BEZOS: – we're just being heads down and trying to do the work. But there's a certain amount, when you raise this much money, people do get curious. If you'd let that just be a complete void, they'll fill it with nonsense. So we figured we'd at least say what we're actually working on.

FABER: Well, I'm happy you've obviously done that. As you said, a $41 billion private company at this point. You know, guys, in the brief time we have left, just, you know, you are both so positive on the future for AI, and I do want to come back to this moment we're in, where, you know, not a data center in my backyard, I'm going to lose my job, this technology is moving way more quickly than I can. Why – and then you mentioned and you didn't say names, but you know, Dario Mode is out with another piece today. I don't know if you guys have seen it, you probably haven't, talking about the need really for government to get more involved, I think, is fair to say in terms of policymakers, increased openness to action, in terms of at least providing safeguards or something around it. How do you view that?

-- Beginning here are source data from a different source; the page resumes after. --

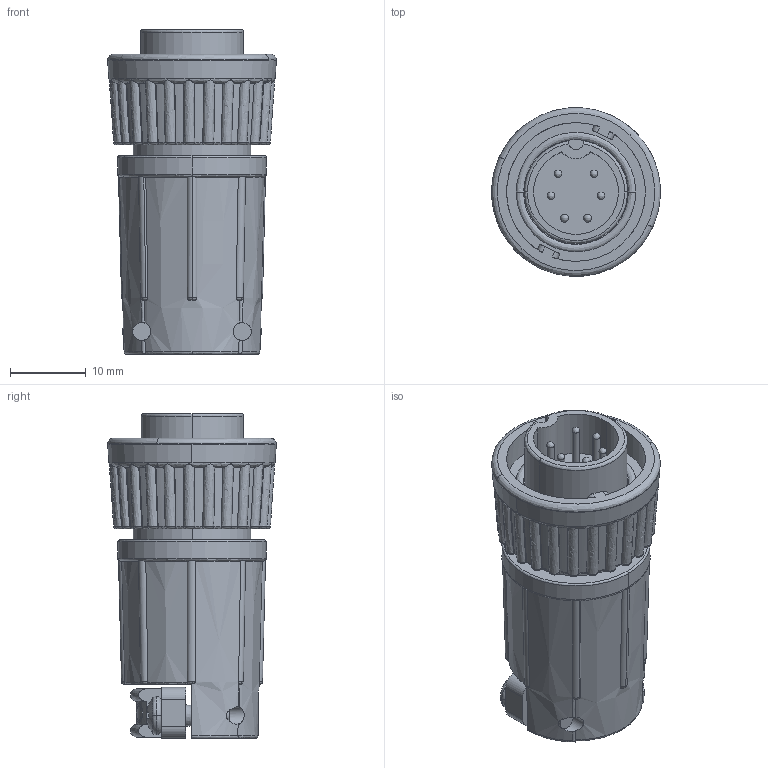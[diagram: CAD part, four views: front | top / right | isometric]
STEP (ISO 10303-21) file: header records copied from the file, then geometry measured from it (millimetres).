
FILE_DESCRIPTION (( 'STEP AP203' ), '1' );
FILE_NAME ('3282-6PG-5XX.STEP', '2018-08-10T16:24:49', ( '' ), ( '' ), 'SwSTEP 2.0', 'SolidWorks 2017', '' );
FILE_SCHEMA (( 'CONFIG_CONTROL_DESIGN' ));
Length unit declared in the file: inch
Products named in the file (1): 3282-6PG-5XX
Bounding box: 22.22 x 22.2 x 42.8 mm (x, y, z)
Volume: 10132.3 mm3; surface area: 4779.9 mm2
Topology: 1 solids, 1 shells, 404 faces, 1136 edges, 745 vertices
Faces by surface type: bspline 175, plane 129, cylinder 58, cone 42
Entity records: 20354 total; most frequent: CARTESIAN_POINT 11751, ORIENTED_EDGE 2248, DIRECTION 1189, EDGE_CURVE 1124, VERTEX_POINT 745, B_SPLINE_CURVE_WITH_KNOTS 508, AXIS2_PLACEMENT_3D 473, EDGE_LOOP 429
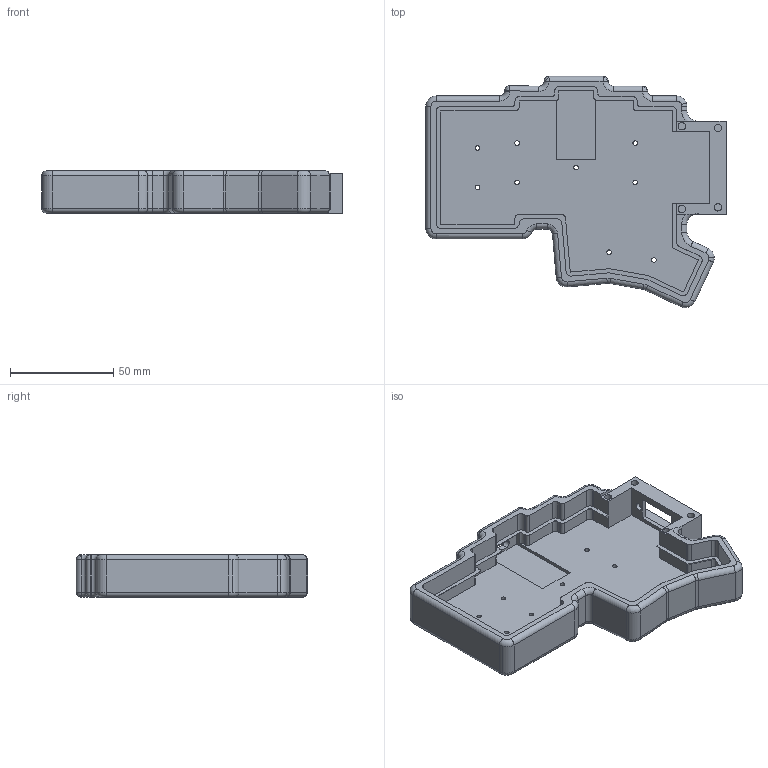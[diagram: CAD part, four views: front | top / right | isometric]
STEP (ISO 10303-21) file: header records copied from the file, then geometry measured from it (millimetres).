
FILE_DESCRIPTION(('HOOPS Exchange Step'),'2;1');
FILE_NAME('temp_export','2023-11-27T00:57:55-05:00',('jscotto'),('Shapr3D Limited'),'HOOPS Exchange 2023.2','Shapr3D','Authorized');
FILE_SCHEMA( ('AUTOMOTIVE_DESIGN { 1 0 10303 214 1 1 1 1 }') );
Length unit declared in the file: millimetre
Products named in the file (1): 3x6 - Case (Left)
Bounding box: 145.36 x 111.93 x 20.6 mm (x, y, z)
Volume: 76368.8 mm3; surface area: 43043 mm2
Topology: 1 solids, 1 shells, 330 faces, 892 edges, 562 vertices
Faces by surface type: cylinder 135, plane 121, torus 40, cone 18, bspline 16
Full cylindrical faces by diameter (mm): 2.2 x9, 3.6 x4
Entity records: 12980 total; most frequent: CARTESIAN_POINT 4450, DIRECTION 1860, ORIENTED_EDGE 1770, EDGE_CURVE 885, AXIS2_PLACEMENT_3D 702, VERTEX_POINT 562, VECTOR 456, LINE 456

BEZOS: Well, look, government regulation has a lot of reasonable purposes. I mean, you know, I'm glad when – I don't know if your viewers can see that bridge over there, but probably there were certain engineering standards that are written into the rules of municipalities and states –

FABER: There it is. A nice view of it, yes.

BEZOS: – and so on, that make sure that that bridge is built to a standard where it's unlikely to fall down, and I think we all like that. So there are certain regulations in the world that are, you know, you get on an airplane that's – and you feel comfortable, you take a drug that's been through a certain FDA process to make sure it's not toxic. There are – there's a lot to be said for healthy government regulation to improve safety and products, and so on. And I don't see why, you know, that won't be applied at some point to the kinds of new tools that are being built by AI. But you want to – if you do, when you do that, you have to do – you want to regulate the application level. You don't want to accidentally outlaw the knife, because it can be used in a bad way, right? Knives are important tools, and yes, every once in a while they get misused by someone. But you don't say the solution to that isn't to say, okay, no more data centers, right? No more knives. That's not a smart approach to regulation. So, and by the way, on this data center thing, there will be many municipalities who say we don't want data centers in our neighborhood. That's okay, because there will be many areas that will say yes.

FABER: And then, of course, there is the possibility they'll be in space. I know you believe that will be the case.

BEZOS: Yeah. They will.

FABER: You discussed that a lot with Andrew. I did, Jeff, because we haven't heard from you since the new Glenn Rocket explosion.

BEZOS: Yeah.

FABER: And I am just curious if there's a brief update here in terms of, I think the NASA administrator, Jared Isaacman, on Monday told CNBC it could take some serious time to restore the launch pad. Any updates you can give us?

BEZOS: Yeah, we, you know, it was very difficult to vet, very bad day for Blue Origin, very tough on the whole team. We've rallied, we're rebuilding the launch site, we got lucky in a bunch of ways. The longest lead items at the launch site were undamaged by the event, so that's just a good piece of luck. And we'll be flying again before the end of this year.

FABER: Okay, and you're going to be keeping an eye at all on that other IPO that may be happening tomorrow?

BEZOS: Well, I'll be watching along with the rest of you.

FABER: Yeah, well, we look forward to future updates on Prometheus as well. And, guys, I just want to thank you for having us here as well.

BEZOS: Thank you, David.

BAJAJ: Thank you for joining us.

FABER: Very, very happy to have been here. Vik Bajaj, Jeff Bezos, right here from HQ for Prometheus. Let me send out over back to you, Carl.